** DATA FOR ANALYSIS follows **

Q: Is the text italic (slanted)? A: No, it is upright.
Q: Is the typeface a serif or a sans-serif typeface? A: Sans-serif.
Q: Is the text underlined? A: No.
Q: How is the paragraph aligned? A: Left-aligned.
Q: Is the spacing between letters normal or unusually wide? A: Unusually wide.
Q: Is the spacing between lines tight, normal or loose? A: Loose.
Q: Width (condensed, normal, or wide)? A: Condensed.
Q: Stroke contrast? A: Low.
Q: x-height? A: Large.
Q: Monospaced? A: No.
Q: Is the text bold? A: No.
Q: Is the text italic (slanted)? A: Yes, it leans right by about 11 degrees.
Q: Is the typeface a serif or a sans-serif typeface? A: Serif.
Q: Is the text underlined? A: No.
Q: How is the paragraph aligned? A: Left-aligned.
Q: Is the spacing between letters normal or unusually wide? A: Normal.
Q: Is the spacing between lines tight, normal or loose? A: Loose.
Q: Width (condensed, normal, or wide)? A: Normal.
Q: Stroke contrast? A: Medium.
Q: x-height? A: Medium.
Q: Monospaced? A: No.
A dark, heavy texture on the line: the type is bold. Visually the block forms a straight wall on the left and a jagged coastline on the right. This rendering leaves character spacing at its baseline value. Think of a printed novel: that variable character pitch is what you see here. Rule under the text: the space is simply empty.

** End of DATA FOR ANALYSIS **
** DATA FOR ANALYSIS follows **

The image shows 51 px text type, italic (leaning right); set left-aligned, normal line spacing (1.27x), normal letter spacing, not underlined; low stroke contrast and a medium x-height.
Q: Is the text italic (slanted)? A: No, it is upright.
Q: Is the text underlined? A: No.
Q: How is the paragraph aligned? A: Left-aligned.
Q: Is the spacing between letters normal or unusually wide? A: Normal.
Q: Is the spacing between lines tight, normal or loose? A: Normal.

** End of DATA FOR ANALYSIS **
** DATA FOR ANALYSIS follows **

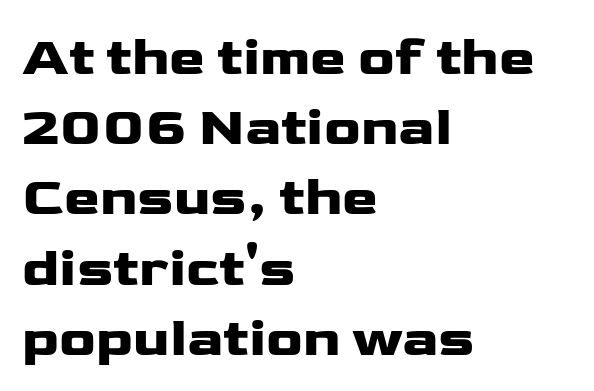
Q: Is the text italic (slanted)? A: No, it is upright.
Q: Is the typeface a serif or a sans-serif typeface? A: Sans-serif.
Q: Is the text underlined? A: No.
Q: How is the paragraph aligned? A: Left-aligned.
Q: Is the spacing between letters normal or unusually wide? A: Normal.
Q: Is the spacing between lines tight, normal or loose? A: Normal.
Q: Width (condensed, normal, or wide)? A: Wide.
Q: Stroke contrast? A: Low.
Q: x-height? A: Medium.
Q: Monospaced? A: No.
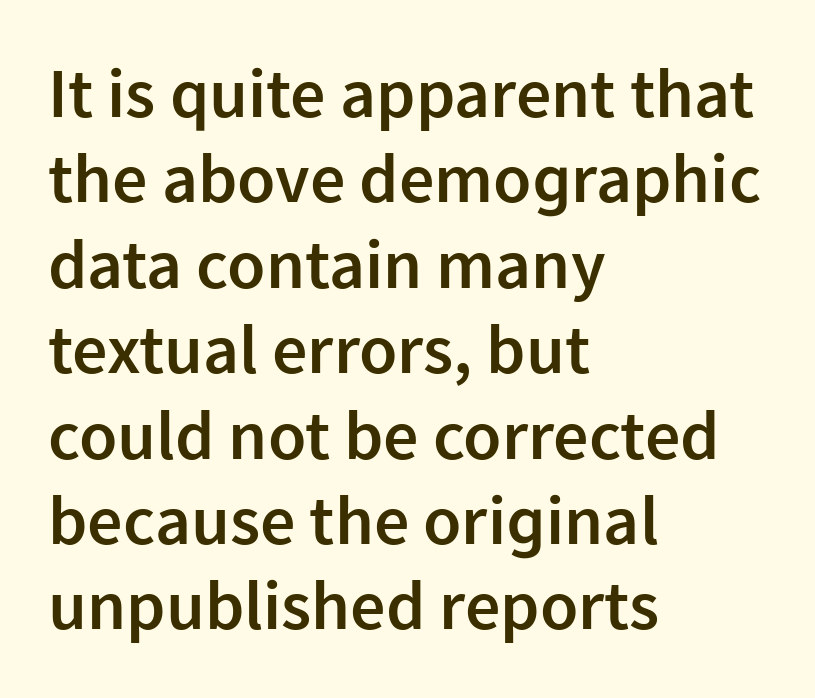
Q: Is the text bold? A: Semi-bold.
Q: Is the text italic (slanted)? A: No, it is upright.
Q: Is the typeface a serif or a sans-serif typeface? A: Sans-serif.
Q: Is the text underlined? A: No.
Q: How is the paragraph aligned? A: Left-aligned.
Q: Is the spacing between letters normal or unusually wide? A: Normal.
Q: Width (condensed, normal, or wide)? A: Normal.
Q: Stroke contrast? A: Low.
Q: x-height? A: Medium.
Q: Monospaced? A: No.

** End of DATA FOR ANALYSIS **

* YOUR TASK: Look through the material and copy each line that has "condensed".

* FINAL ANSWER:
Q: Width (condensed, normal, or wide)? A: Condensed.
Q: Width (condensed, normal, or wide)? A: Normal.
Q: Width (condensed, normal, or wide)? A: Wide.
Q: Width (condensed, normal, or wide)? A: Normal.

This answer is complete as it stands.